Oddly, one of the more compelling parts of Ziliak’s research on p-values, at least for me, is how it lead to the extremely interesting history of the Guinness brewing company’s involvement in the development of statistical methods. Back around 1900 or so, they were working hard to develop beer as a globally exported good. It used to be that beer was consumed in the same place it was produced, but then some Bavarian monks figured out that if you added hops in the brewing process, you could store the beer for longer periods of time. This actually led to the domestic cultivation of hops in Bavaria and parts of eastern Europe – the town of Budweis, for example – and later on to the development of beer as a commodity good. The original hopped Bavarian beer was (and still is) called lager, from the German word lagern, meaning “to store.” Before the use of hops in beer, people put all manner of stuff in their brew – fruit, spices, chicken, whatever – but afterwards beer became just water, barley, yeast, and hops.
The expansion of the British Empire in the 19th century meant the creation of export markets for beer, and brewers were keen to exploit this opportunity. The good folks over at Guinness started hiring all manner of University trained scientists to figure out how to make a consistent product capable of maintaining quality over the course of long sea voyages (hence, India Pale Ale, which has lots of hops to help it keep). Among the egg heads working in the Guinness brewery was one William Gosset, who published articles in Statistics journals under the name “Student” and invented statistical significance, p-values, and the t-test. Ziliak, in his research, ended up discovering Gosset and his influence on the famous statistician R.A. Fisher, who included Gosset’s work in his formalization of statistical methodology. Personally, I find this sort of archaeological stuff totally fascinating. The world of biomedical publishing is now ruled by a method developed for the purpose of brewing beer!

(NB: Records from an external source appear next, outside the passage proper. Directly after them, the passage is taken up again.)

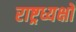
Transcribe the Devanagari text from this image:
राष्ट्रध्यक्षों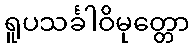
ရူပသင်္ခါဝိမုတ္တော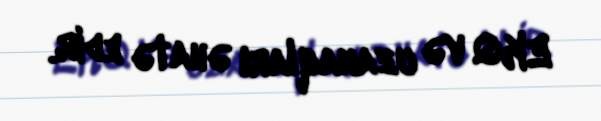
EKQ və uzanaqları əhatə edir.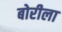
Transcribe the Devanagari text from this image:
बोरीला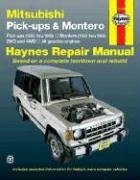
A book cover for Mitsubishi Pick-ups and Montero Automotive Repair Manual (Haynes Automotive Repair Manuals); Larry Warren; Engineering & Transportation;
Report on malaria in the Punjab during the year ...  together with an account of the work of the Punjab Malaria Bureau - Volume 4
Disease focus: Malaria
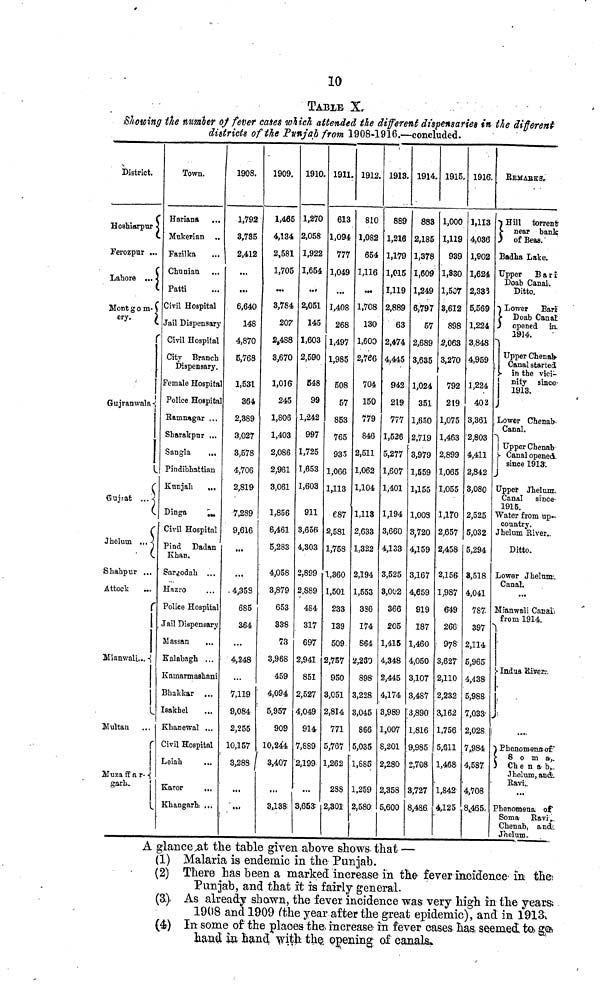
10
TABLE X.
Showing the number of fever cases which attended the different dispensaries in the different
districts of the Punjab from 1908-1916.—-concluded.
District.
Hoshiarpur
Ferozpur ...
(
Lahore ...
Montgom-
ery.
r
Gujranwala
Gujrat ...
(
r
Jhelum ...
Shahpur ...
Attock
r
Mianwali...
Multan
Muzaffar-
garh.
Town.
Hariana
...
Mukerian ..
Fazilka
...
Chunian
...
Patti ...
Civil Hospital
Jail Dispensary
Civil Hospital
City Branch
Dispensary.
Female Hospital
Police Hospital
Ramnagar ...
Sharakpur ...
Sangla
...
Pindibhattian
Kunjah
...
Dinga ...
Civil Hospital
Pind Dadan
Khan.
Sargodah ...
Hazro
Police Hospital
Jail Dispensary
Massan
...
Kalabagh ...
Kamarmashani
Bhakkar ...
Isakhel
Khanewal ...
Civil Hospital
Leiab ...
Karor
...
Khangarh ...
1908.
1,792
3,735
2,412
6,640
148
4,870
5,768
1,531
364
2,389
3,027
3,578
4,706
2,819
7,289
9,616
...
4,358
685
364
...
4,248
...
7,119
9,084
2,255
10,157
3,288
...
...
1909.
1,465
4,134
2,581
1,705
3,784
207
2,488
3,670
1,016
245
1,806
1,403
2,086
2,961
3,061
1,856
6,461
5,283
4,058
3,879
653
338
73
3,968
459
4,094
5,957
90S
10,244
3,407
...
3,138;
1910.
1,270
2,058
1,922
1,654
...
2,051
145
1,603
2,590
548
99
1,242
997
1,725
1,653
1,603
911
3,656
4,303
2,899
2,889
484
317
697
2,941
851
2,527
4,049
914
7,889
2,199
...
3,653
1911.
613
1,094
777
1,049
1,408
268
1,497
1,985
508
57
853
765
935
1,066
1,113
687
2,581
1,758
1,360
1,501
233
139
509
2,757
950
3,051
2,814
771
5,767
1,262
288
2,301
1912.
810
1,082
654
1,116
1,708
130
1,600
2,766
704
150
779
846
2,511
1,062
1,104
1,113
2,633
1,322
2,194
,553
386
174
864
,230
898
,228
,045
866
5,035
1,885
1,259
2,580:
1913.
889
1,216
1,179
1,015
1,119
2,889
63
2,474
4,445
942
219
777
1,526
5,277
1,607
1,401
1,194
3,660
4,133
3,525
3,002
366
205
,415
,348
,445
4,174
3,989
1,007
8,201
2,280
2,358
5,600
1914.
883
2,185
1,378
1,609
1,249
6,797
57
2,689
3,635
1,024
351
1,650
2,719
3,979
1,559
1,155
1,008
3,720
4,159
3,167
4,659
919
187
1,460
4,050
3,107
3,487
3,890
1,816
.9,985
2,708
3,727
8,486
1915.
1,000
1,119
939
1,830
1,507
3,612
898
5,063
3,270
792
219
1,075
1,463
2,899
1,065
1,055
1,170
2,657
2,458
2,156
1,987
649
266
978
3,627
2,110
2,232
3,162
1,756
5,611
1,468
1,842
4,125
1916.
1,113
4,036
1,902
1,624
2,333
5,569
1,224
3,848
4,959
1,224
402
3,361
2,803
4,411
2,842
3,080
2,525
5,032
5,294
3,518
4,041
787
397
2,114
5,965
4,438
5,988
7,033
2,028
7,984
4,587
4,708
8,465
REMAEKS.
Hill
torrent
near bank
of Beas.
Badha Lake.
Upper
Bari
Doab Canal.
Ditto.
Lower
Bari
Doab Canal.
opened in.
1914
Upper Chenab-
Canal started
in the vici-
nity since-
1913.
Lower Cnenab-
Canal.
Canal opened.
Upper Jhelum
Canal since-
1915.
Water from up-
country
Jhelum River.
Ditto.
Lower Jhelum
Canal.
...
Mianwali Canal
from 1914.
Indus River.
......
Phenomena of
Soma,
Chenab,
Jhelum, and
Ravi.
...
Phenomena of
Soma
Ravi,
Chenab, and
A glance ,at the table given above shows, that —
(1) Malaria is endemic in the Punjab.
(2) There has been a marked increase in the fever incidence in the
Punjab, and that it is fairly general.
(3.) As already shown, the fever incidence was very high in the years;
1908 and 1909 (the year after the great epidemic), and in 191 &
(4) In some of the places the increase in fever eases has seemed to go
hand in hand with the; opening of canals.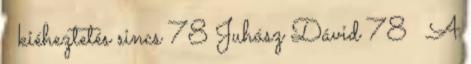
→ kiéheztetés sincs 78 Juhász Dávid 78 A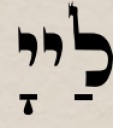
לַייָ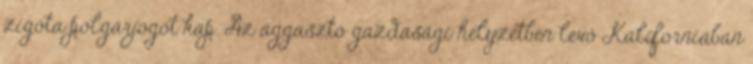
zigóta polgárjogot kap. Az aggasztó gazdasági helyzetben levő Kaliforniában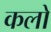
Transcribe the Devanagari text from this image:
कलो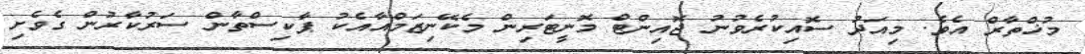
މުޚްތާރް އެވެ. މިއަދު ސޮއިކުރެވުނު ޖޮއިންޓް މޮނީޓަރިން މެކޭނިޒަމްއާއެކު ޕާކިސްތާން ސަރުކާރުން ގެވެށި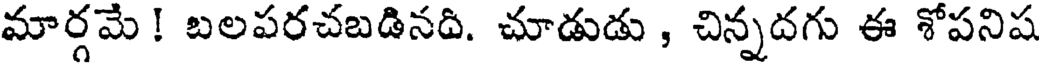
మార్గమే ! బలపరచబడినది. చూడుడు , చిన్నదగు ఈ శోపనిష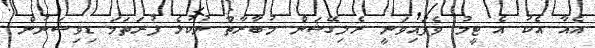
އެއާ އެކު އެ ޓީމު ވެފައިވަނީ ރެލިގޭޝަން މުބާރާތް ނުކުޅެ ފުރަތަމަ ޑިވިޝަނުން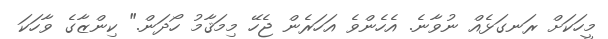
މީހަކަށް ރަނގަޅެއް ނުވާނެ. އެހެންވެ އަހަރެން ޖެހޭ މިމަޤާމު ހޯދަން." ކިންޒާގެ ވާހަކަ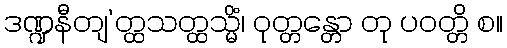
ဒဏ္ဍနီတျ’တ္ထသတ္ထသ္မိံ၊ ဝုတ္တန္တော တု ပဝတ္တိ စ။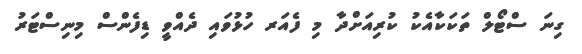
ގިނަ ސްޓޯލް ތަކަކާއެކު ކުރިއަށްދާ މި ފެއަރ ހުޅުވައި ދެއްވީ ޑިފެންސް މިނިސްޓަރު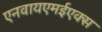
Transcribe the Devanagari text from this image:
एनवायएमईएक्स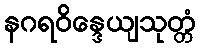
နဂရဝိန္ဒေယျသုတ္တံ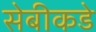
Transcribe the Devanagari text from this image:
सेबीकडे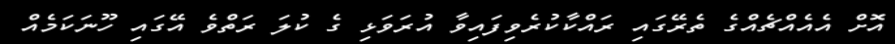
އޮށް އެއެއްޗެއްގެ ތެރޭގައި ރައްކާކުރެވިފައިވާ އުރަވަޅި ގެ ކުލަ ރަތްވެ އޭގައި ހޫނަކަމެއް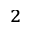
^ 2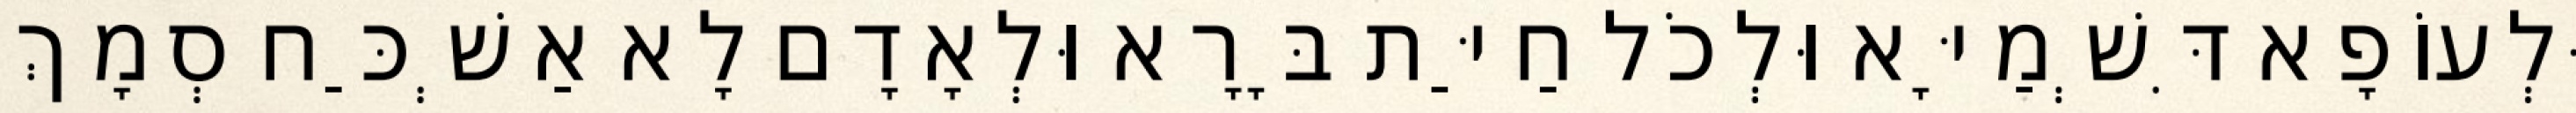
וּלְעוֹפָא דִּשְׁמַיָּא וּלְכֹל חַיַּת בָּרָא וּלְאָדָם לָא אַשְׁכַּח סְמָךְ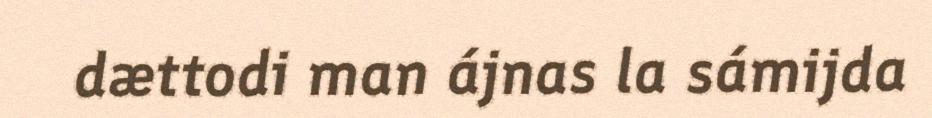
dættodi man ájnas la sámijda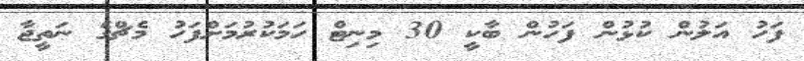
ފަހު އަލުން ކުޅުން ފަހުން ބާކީ 30 މިނިޓް ހަމަކުރުމަށްފަހު މެޗްގެ ނަތީޖާ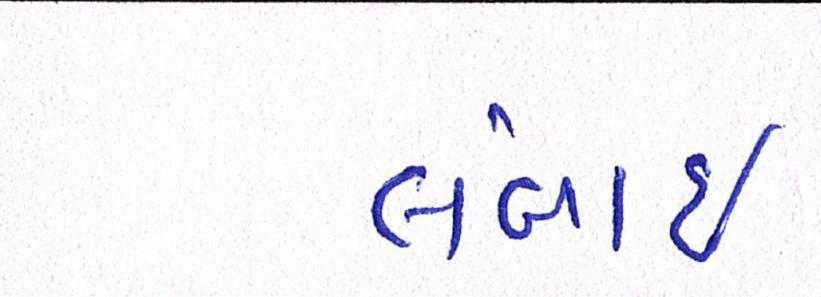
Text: લંબાઈ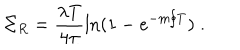
\Sigma _ { R } = \frac { \lambda T } { 4 \pi } \ln ( 1 - e ^ { - m / T } ) \; .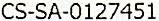
CS-SA-0127451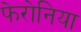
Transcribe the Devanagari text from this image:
फेरोनिया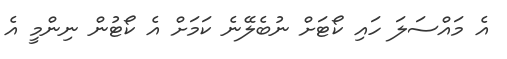
އެ މައްސަލަ ހައި ކޯޓަށް ނުބެލޭނެ ކަމަށް އެ ކޯޓުން ނިންމީ އެ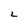
Character: L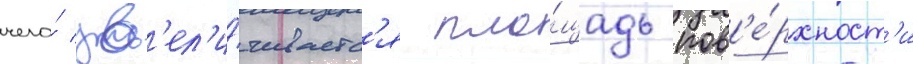
чего́ ув'ел'и́чиваетс'я пло́щадь пов'е́рхност'и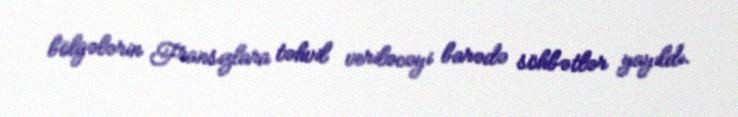
bölgələrin Fransızlara təhvil veriləcəyi barədə söhbətlər yayıldı.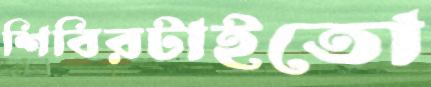
শিবিরটাইতো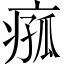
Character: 𪽵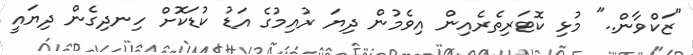
"ޒަކްވާން.." މުޅި ކޮޓަރިތެރެއިން އިވެމުން ދިޔަ ރުއިމުގެ އަޑު ކުޑަކޮށް ހިނދިގެން ދިޔައީ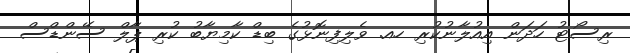
ރިސޯޓު ހަދަން އިއުލާނުކުރި ހއ. ވެލިފިނޮޅުގެ ބިޑް ކާމިޔާބު ކުރި ޕާލް ސޭންޑްސް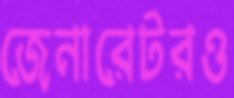
জেনারেটরও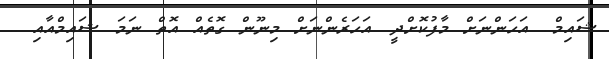
ޝައިމް.. އަހަންނަށް މާފުކޮށްދީ. އަހަރެންނަށް މިނޫން ގޮތެއް އޮތް ނަމަ ޝައިމްއާއި ..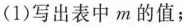
(1)写出表中m的值；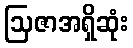
ဩဇာအရှိဆုံး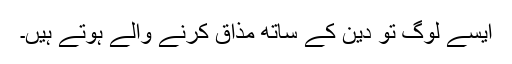
ایسے لوگ تو دین کے ساتھ مذاق کرنے والے ہوتے ہیں۔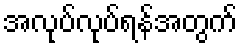
အလုပ်လုပ်ရန်အတွက်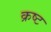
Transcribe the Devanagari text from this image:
क्रष्ट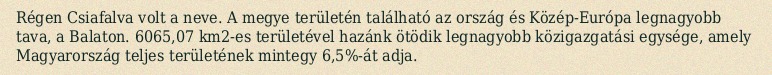
Régen Csiafalva volt a neve. A megye területén található az ország és Közép-Európa legnagyobb tava, a Balaton. 6065,07 km2-es területével hazánk ötödik legnagyobb közigazgatási egysége, amely Magyarország teljes területének mintegy 6,5%-át adja.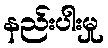
နည်းပါးမှု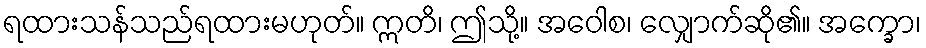
ရထားသန်သည်ရထားမဟုတ်။ ဣတိ၊ ဤသို့။ အဝေါစ၊ လျှောက်ဆို၏။ အက္ခော၊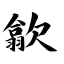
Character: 歙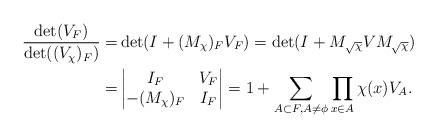
LaTeX: \begin{align*}\frac{\det(V_{F})}{\det((V_{\chi})_F)}=&\det(I+(M_{\chi})_FV_F)=\det(I+M_{\sqrt{\chi}}VM_{\sqrt{\chi}})\\=&\begin{vmatrix}I_F & V_F\\-(M_{\chi})_F & I_F\end{vmatrix}=1+\sum\limits_{A\subset F,A\neq \phi}\prod\limits_{x\in A}\chi(x)V_A.\end{align*}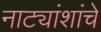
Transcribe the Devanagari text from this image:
नाट्यांशांचे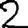
Digit: 2

For me, the whole story kind of underlines the pervasive influence of capitalism. There are a lot of unexpected turns in the story of the modern world – and it makes me eager to find out what happens next. While I was writing this post, I recalled a passage from Nietzsche’s Beyond Good and Evil where he’s talking about how, after Kant, who discovered that synthetic a priori judgements were possible by the virtue of a faculty, all the young theologians went running off into the bushes looking for faculties. In the modern world, Professors all must “Publish or Perish!” so off they go, looking for something to publish. And publishers, they need something to cut through all the noise, the sheer volume of submissions – and p-values are, I suppose, as good a standard as any. And so you get all these p-hacked papers! But what does Nietzsche tells us, regarding the unfortunate, naive theologians of the early 19th century?
One can do no greater wrong to the whole of this exuberant and enthusiastic movement, which was really youthfulness, however boldly it disguised itself in hoary and senile concepts, than to take it seriously, or worse, to treat it with moral indignation.